A Python package for water bodies anomaly detection. It retrieves USGS water data and Sentinel-2 bands to use in ML models for checking the quality of the data collected by USGS gages.

PyPI version Downloads

Installation

Python script:

pip install hydroanomaly

For Jupyter

!pip install hydroanomaly

For updating the package:

!pip install hydroanomaly --upgrade

USGS Data Retrieval

Easily retrieve real-time and historical turbidity of water from USGS Water Services:

import ee
import geemap
import hydroanomaly

# ------------------------
# User-defined settings: Example USGS site and date range (change to a site with turbidity data)
# ------------------------
site_number = "294643095035200"  # USGS site number
start_date = "2020-01-01"
end_date = "2024-12-30"

# ------------------------
# Data Extraction from USGS
# ------------------------
USGSdata, (lat, lon) = get_turbidity(site_number, start_date, end_date)
print("=" * 70)
print("Latitude:", lat)
print("Longitude:", lon)
print("=" * 70)
print(USGSdata.head())

Sentinel-2 Data Retrieval

Retrieve Sentinel data from Google Earth Engine

Defining the Google Earth Engine API

ee.Authenticate()
ee.Initialize(project='XXXXXX-XXXX-XXXXXX-XX') # Replace with your own project ID number

Defining settings, coordinates, masks, etc:

Defining the area from which you want to retrieve data:

latitude = 29.7785861
longitude = -95.0644278
bands = ['B2','B3','B4','B5','B6','B7','B8','B8A','B9','B11','B12', 'SCL']
buffer_meters = 20
cloudy_pixel_percentage = 20
masks_to_apply = [
    "water",
    "no_cloud_shadow",
    "no_clouds",
    "no_snow_ice",
    "no_saturated"
]

Sentinel-2 data retrieval:

from hydroanomaly import get_sentinel_bands

df = get_sentinel_bands(
    latitude=latitude,
    longitude=longitude,
    start_date=start_date,
    end_date=end_date,
    bands=bands,
    buffer_meters=buffer_meters,
    cloudy_pixel_percentage=cloudy_pixel_percentage,
    masks_to_apply=masks_to_apply
)

print(df.head())
print("=" * 70)
print(f"Retrieved {len(df)} rows")

Visualizing the map:

from hydroanomaly import show_sentinel_ndwi_map

Map = show_sentinel_ndwi_map(
    latitude, longitude, start_date, end_date,
    buffer_meters=buffer_meters, cloudy_pixel_percentage=cloudy_pixel_percentage, zoom=15)
Map

Time Series Plotting

Create visualizations of your water data:

from hydroanomaly.visualize import plot_timeseries
# For USGS data
plot_timeseries(USGSdata)
# For Sentinel data
plot_timeseries(df)
from hydroanomaly.visualize import plot_turbidity
# For USGS data
plot_turbidity(USGSdata)
from hydroanomaly.visualize import plot_sentinel
# For Sentinel data
plot_sentinel(df)
from hydroanomaly.visualize import plot_comparison
plot_comparison(USGSdata, df[['B6']], label1="Turbidity", label2="Sentinel-2 B6", title="Comparison: Turbidity vs Band 6")
from hydroanomaly import plot
# For Sentinel data
plot(df)
from hydroanomaly import visualize
# For USGS data
visualize(USGSdata)

NDVI:

import matplotlib.pyplot as plt
# Check available columns
print(df.columns)
print("=" * 70)
# Calculate NDVI if bands are available
if {'B4', 'B8'}.issubset(df.columns):
    df['NDVI'] = (df['B8'] - df['B4']) / (df['B8'] + df['B4'])
    df['NDVI'].plot(marker='o')
    plt.title("NDVI Time Series")
    plt.xlabel("Date")
    plt.ylabel("NDVI")
    plt.grid()
    plt.show()
else:
    print("NDVI bands (B4, B8) not found.

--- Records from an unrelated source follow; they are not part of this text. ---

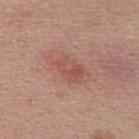Q: Was a biopsy performed?
A: imaged on a skin check; not biopsied
Q: Patient demographics?
A: female, aged 43 to 47
Q: What is the imaging modality?
A: 15 mm crop, total-body photography
Q: Automated lesion metrics?
A: a lesion-detection confidence of about 100/100
Q: Lesion location?
A: the upper back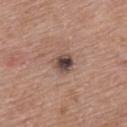Recorded during total-body skin imaging; not selected for excision or biopsy.
Measured at roughly 2.5 mm in maximum diameter.
The patient is a female approximately 50 years of age.
From the upper back.
A 15 mm close-up extracted from a 3D total-body photography capture.
The tile uses white-light illumination.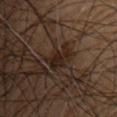biopsy status: no biopsy performed (imaged during a skin exam) | lesion diameter: ≈3.5 mm | acquisition: ~15 mm crop, total-body skin-cancer survey | anatomic site: the back | subject: male, in their 60s | tile lighting: cross-polarized.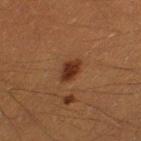  image:
    source: total-body photography crop
    field_of_view_mm: 15
  lesion_size:
    long_diameter_mm_approx: 3.0
  site: left thigh
  patient:
    sex: male
    age_approx: 40
  automated_metrics:
    area_mm2_approx: 5.0
    eccentricity: 0.75
    shape_asymmetry: 0.2
    cielab_L: 26
    cielab_a: 19
    cielab_b: 26
    vs_skin_darker_L: 10.0
    vs_skin_contrast_norm: 10.0
    border_irregularity_0_10: 2.0
    color_variation_0_10: 2.5
    peripheral_color_asymmetry: 0.5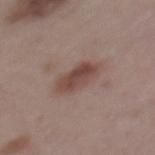body site: the mid back
tile lighting: white-light
acquisition: total-body-photography crop, ~15 mm field of view
patient: female, roughly 45 years of age
size: ≈5 mm
image-analysis metrics: a footprint of about 9 mm² and a symmetry-axis asymmetry near 0.2; a mean CIELAB color near L≈45 a*≈19 b*≈22, about 10 CIELAB-L* units darker than the surrounding skin, and a lesion-to-skin contrast of about 8 (normalized; higher = more distinct); a border-irregularity rating of about 2.5/10 and a within-lesion color-variation index near 4.5/10; a classifier nevus-likeness of about 75/100 and lesion-presence confidence of about 100/100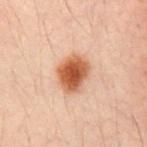Notes:
– follow-up · catalogued during a skin exam; not biopsied
– patient · male, aged approximately 30
– anatomic site · the chest
– acquisition · ~15 mm tile from a whole-body skin photo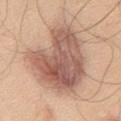Impression:
This lesion was catalogued during total-body skin photography and was not selected for biopsy.
Image and clinical context:
About 9.5 mm across. The lesion is located on the chest. The total-body-photography lesion software estimated an area of roughly 43 mm², a shape eccentricity near 0.7, and a shape-asymmetry score of about 0.35 (0 = symmetric). The analysis additionally found a lesion–skin lightness drop of about 14 and a lesion-to-skin contrast of about 9.5 (normalized; higher = more distinct). And it measured a color-variation rating of about 6.5/10 and a peripheral color-asymmetry measure near 2. A male patient, aged 43–47. A region of skin cropped from a whole-body photographic capture, roughly 15 mm wide.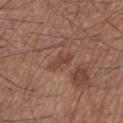Q: Was this lesion biopsied?
A: imaged on a skin check; not biopsied
Q: Where on the body is the lesion?
A: the left lower leg
Q: What kind of image is this?
A: ~15 mm tile from a whole-body skin photo
Q: Who is the patient?
A: male, approximately 60 years of age
Q: What lighting was used for the tile?
A: white-light
Q: What did automated image analysis measure?
A: a shape eccentricity near 0.85 and two-axis asymmetry of about 0.3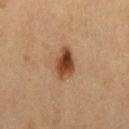Assessment: The lesion was tiled from a total-body skin photograph and was not biopsied. Background: The patient is a female about 40 years old. About 4 mm across. The lesion-visualizer software estimated a border-irregularity index near 2/10 and a color-variation rating of about 6.5/10. The software also gave an automated nevus-likeness rating near 100 out of 100 and a detector confidence of about 100 out of 100 that the crop contains a lesion. On the right thigh. Imaged with cross-polarized lighting. Cropped from a whole-body photographic skin survey; the tile spans about 15 mm.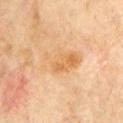This lesion was catalogued during total-body skin photography and was not selected for biopsy.
The lesion's longest dimension is about 5.5 mm.
A male patient, aged 68–72.
The lesion is located on the chest.
Cropped from a total-body skin-imaging series; the visible field is about 15 mm.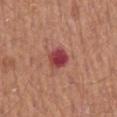Q: Was this lesion biopsied?
A: no biopsy performed (imaged during a skin exam)
Q: Automated lesion metrics?
A: a border-irregularity index near 1.5/10, a color-variation rating of about 5/10, and a peripheral color-asymmetry measure near 1.5; an automated nevus-likeness rating near 0 out of 100 and lesion-presence confidence of about 100/100
Q: What is the imaging modality?
A: total-body-photography crop, ~15 mm field of view
Q: How large is the lesion?
A: ≈3 mm
Q: Lesion location?
A: the mid back
Q: Patient demographics?
A: male, approximately 65 years of age
Q: What lighting was used for the tile?
A: white-light illumination

Try plotting individual bands:")
    df[['B2', 'B3', 'B4', 'B8']].plot()
    plt.title("Sentinel-2 Reflectance (selected bands)")
    plt.ylabel("Reflectance")
    plt.xlabel("Date")
    plt.grid()
    plt.show()

Machine Learning for Anomaly Detection of USGS Data

print(df.columns)
print("=" * 70)
display(df.head(2))
print("=" * 70)
print(USGSdata.columns)
print("=" * 70)
display(USGSdata.head(2))
USGSdata = USGSdata[~USGSdata.index.duplicated(keep='first')]
print(df.index.duplicated().sum())                     # Number of duplicate datetimes in df
print(USGSdata.index.duplicated().sum())               # Number of duplicate datetimes in USGSdata

OneClassSVM

from hydroanomaly.ml import run_oneclass_svm
df_out, params, f1 = run_oneclass_svm(df, USGSdata)
# F1 Score
print(f"F1: {f1:.3f}")

Isolation Forest

from hydroanomaly.ml import run_isolation_forest
df_out_if, params_if, f1_if = run_isolation_forest(df, USGSdata)
print(f"F1: {f1_if:.3f}")

Features

  • USGS & Sentinel-2 Data Retrieval

    • Download real-time and historical water data from USGS Water Services (any site, any parameter)
    • Retrieve Sentinel-2 satellite bands using Google Earth Engine for any location and time range
    • Automatic data cleaning, validation, and alignment between ground (USGS) and satellite (Sentinel) data
    • Synthetic data generation fallback for testing
    • Convenient CSV export functionality
  • Time Series & Satellite Visualization

    • Quick plotting for single or multiple water quality parameters
    • Multi-parameter and multi-site comparison plots
    • Satellite band and index visualization (NDVI, NDWI, etc.)
    • Statistical analysis plots (histograms, box plots, trendlines)
    • High-quality plot export (PNG, PDF, SVG) with auto legends and formatting
  • Machine Learning & Anomaly Detection

    • Built-in anomaly detection using One-Class SVM and Isolation Forest models
    • Visual comparison of predicted vs. true anomalies in time series data
    • Feature engineering for satellite and in-situ sensor data
    • Easy integration with Pandas workflows
  • Powerful Data Analysis Tools

    • Mathematical operations and filtering for hydrologic data
    • Statistical summaries, validation, and automated quality checks
    • Utilities for matching, joining, and synchronizing time series
  • Easy to Use

    • Simple, Pythonic API for rapid data exploration and analysis
    • One-liner data retrieval and plotting functions
    • Comprehensive error handling
    • Well-documented with step-by-step examples and tutorials

Find USGS site numbers at: https://waterdata.usgs.gov/nwis


Contributing

Contributions are welcome! Please feel free to submit a Pull Request.

License

This project is licensed under the MIT License - see the LICENSE file for details.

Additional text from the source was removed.